A **collective** is an isolated namespace for experiences, typically one per project. Each collective has its own vector index and can have different embedding dimensions.

### Experience

An **experience** is a unit of learned knowledge. It contains content (text), an embedding (vector), importance and confidence scores, domain tags, and a typed variant — `TechInsight`, `ErrorPattern`, `SuccessPattern`, `ArchitecturalDecision`, and more.
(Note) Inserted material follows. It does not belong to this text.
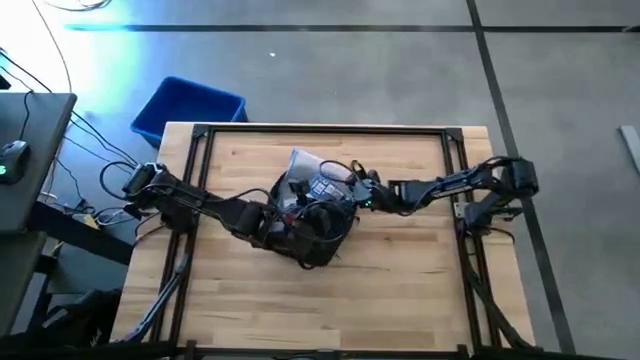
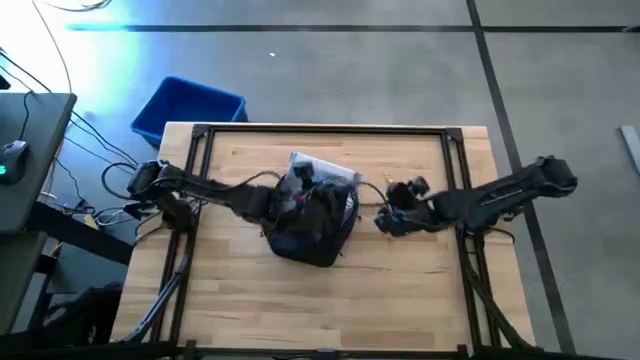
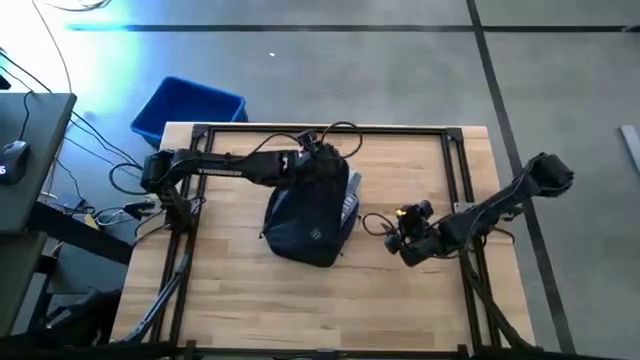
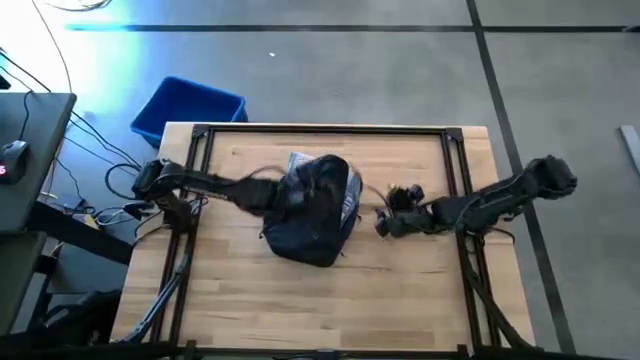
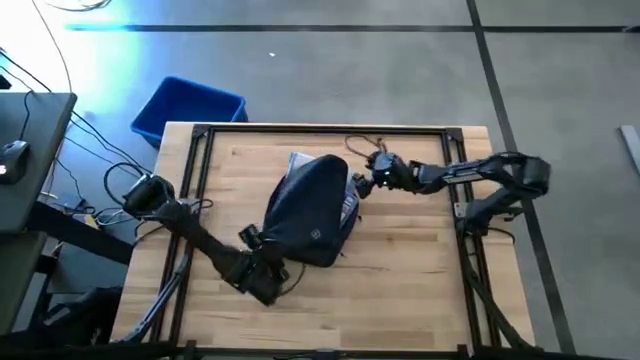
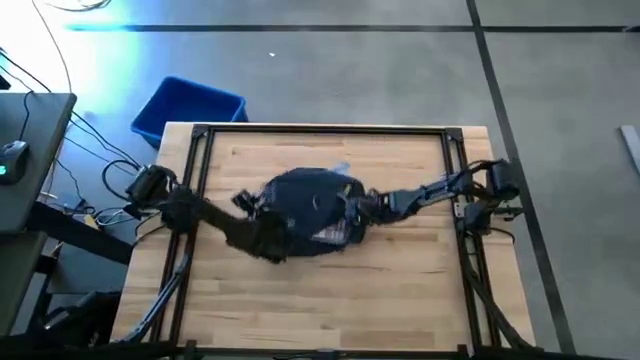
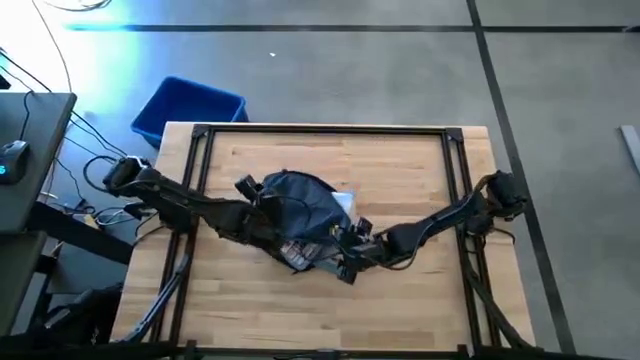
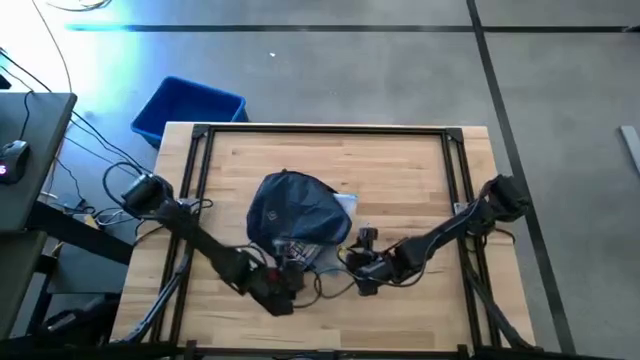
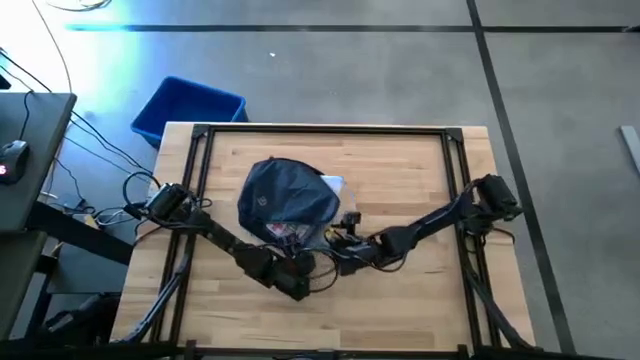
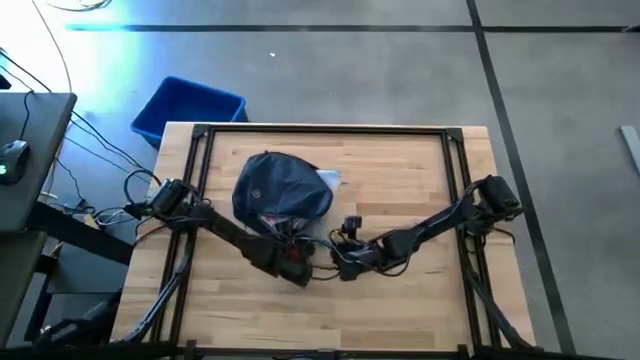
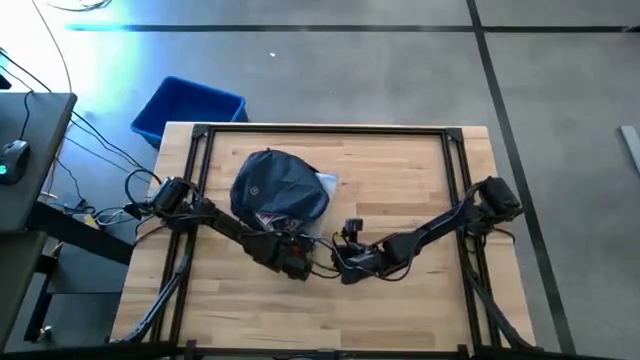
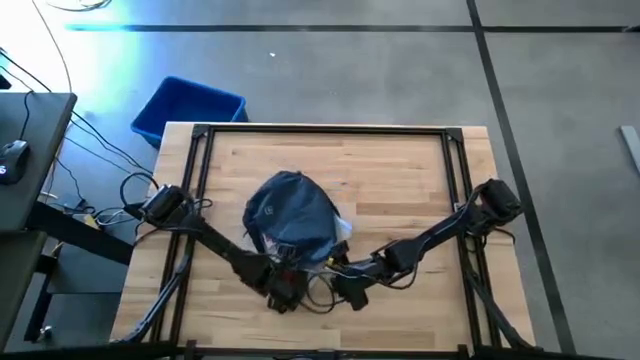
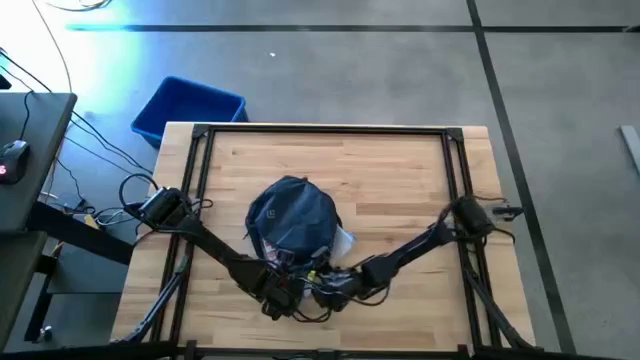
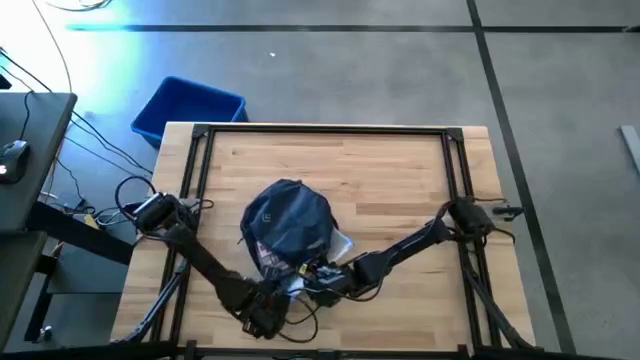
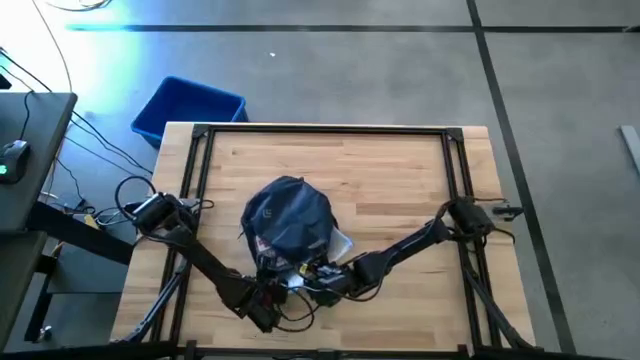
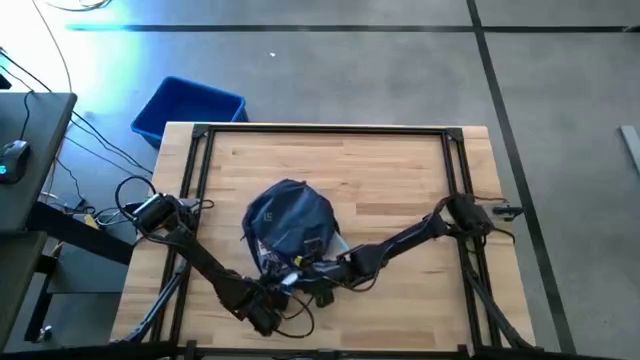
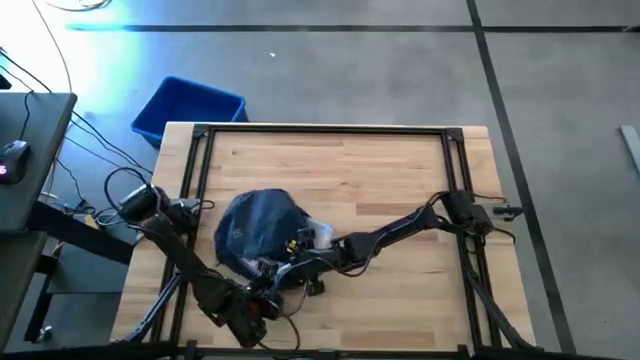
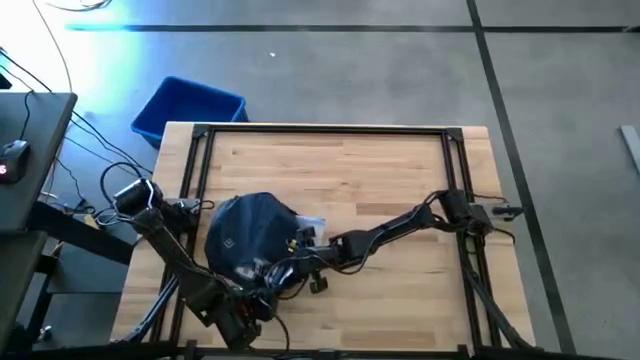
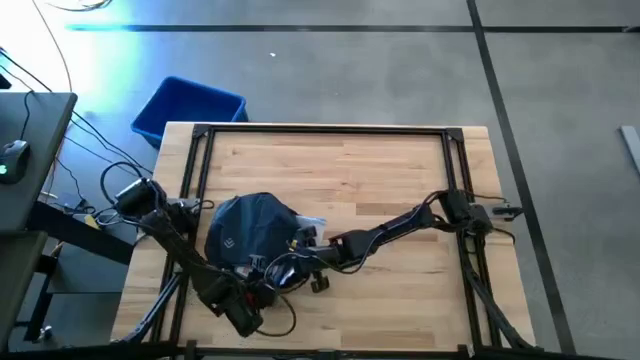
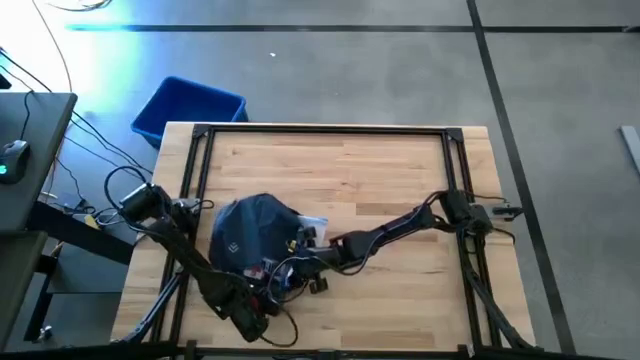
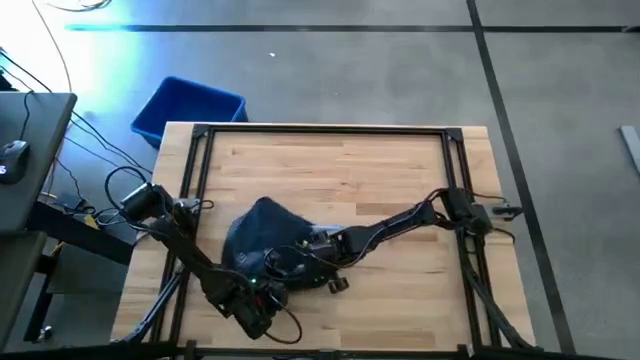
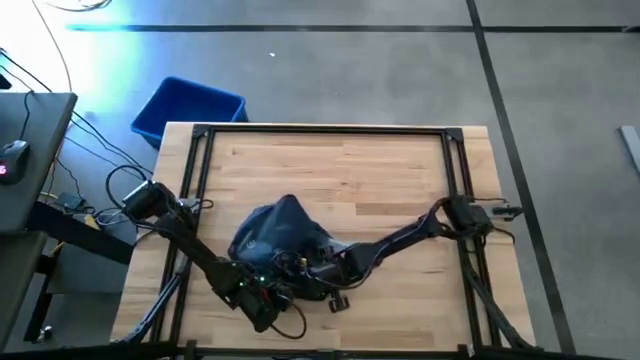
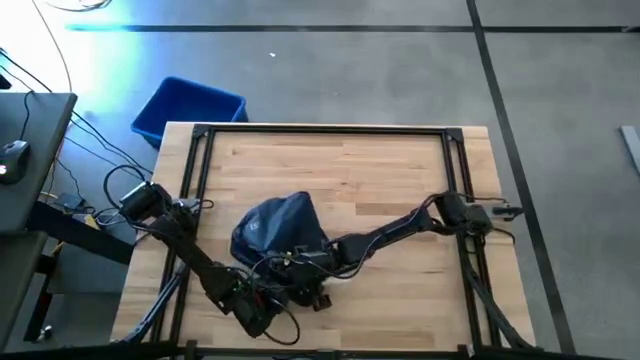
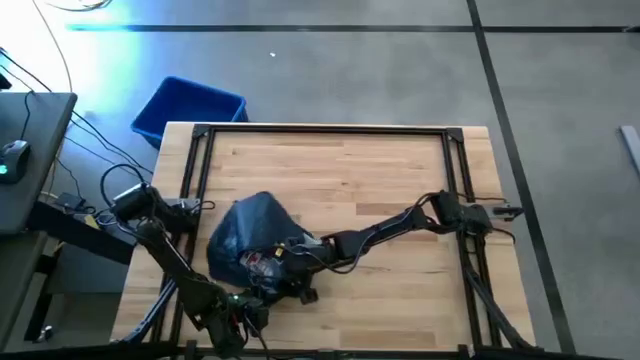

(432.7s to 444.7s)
Task: Unpack backpack
Adjust the white zip bag in the bag

## Minimum Supported Rust Version

The current MSRV is **1.89**. This is verified in CI on every commit.

## Contributing

Contributions are welcome! Please open an issue to discuss your idea before submitting a pull request.

## Documentation

- [API Reference (docs.rs)]https://docs.rs/pulsehive-db
- [CHANGELOG]CHANGELOG.md

## License

PulseDB is dual-licensed:

- **Open Source**: [GNU Affero General Public License v3.0 (AGPL-3.0)]LICENSE — free for open-source projects and internal use. If you modify PulseDB and offer it as a network service, you must release your source code under AGPL-3.0.
- **Commercial License**: For proprietary use without AGPL obligations, contact us for a commercial license.

This ensures PulseDB remains free for the community while protecting against unauthorized commercial hosting.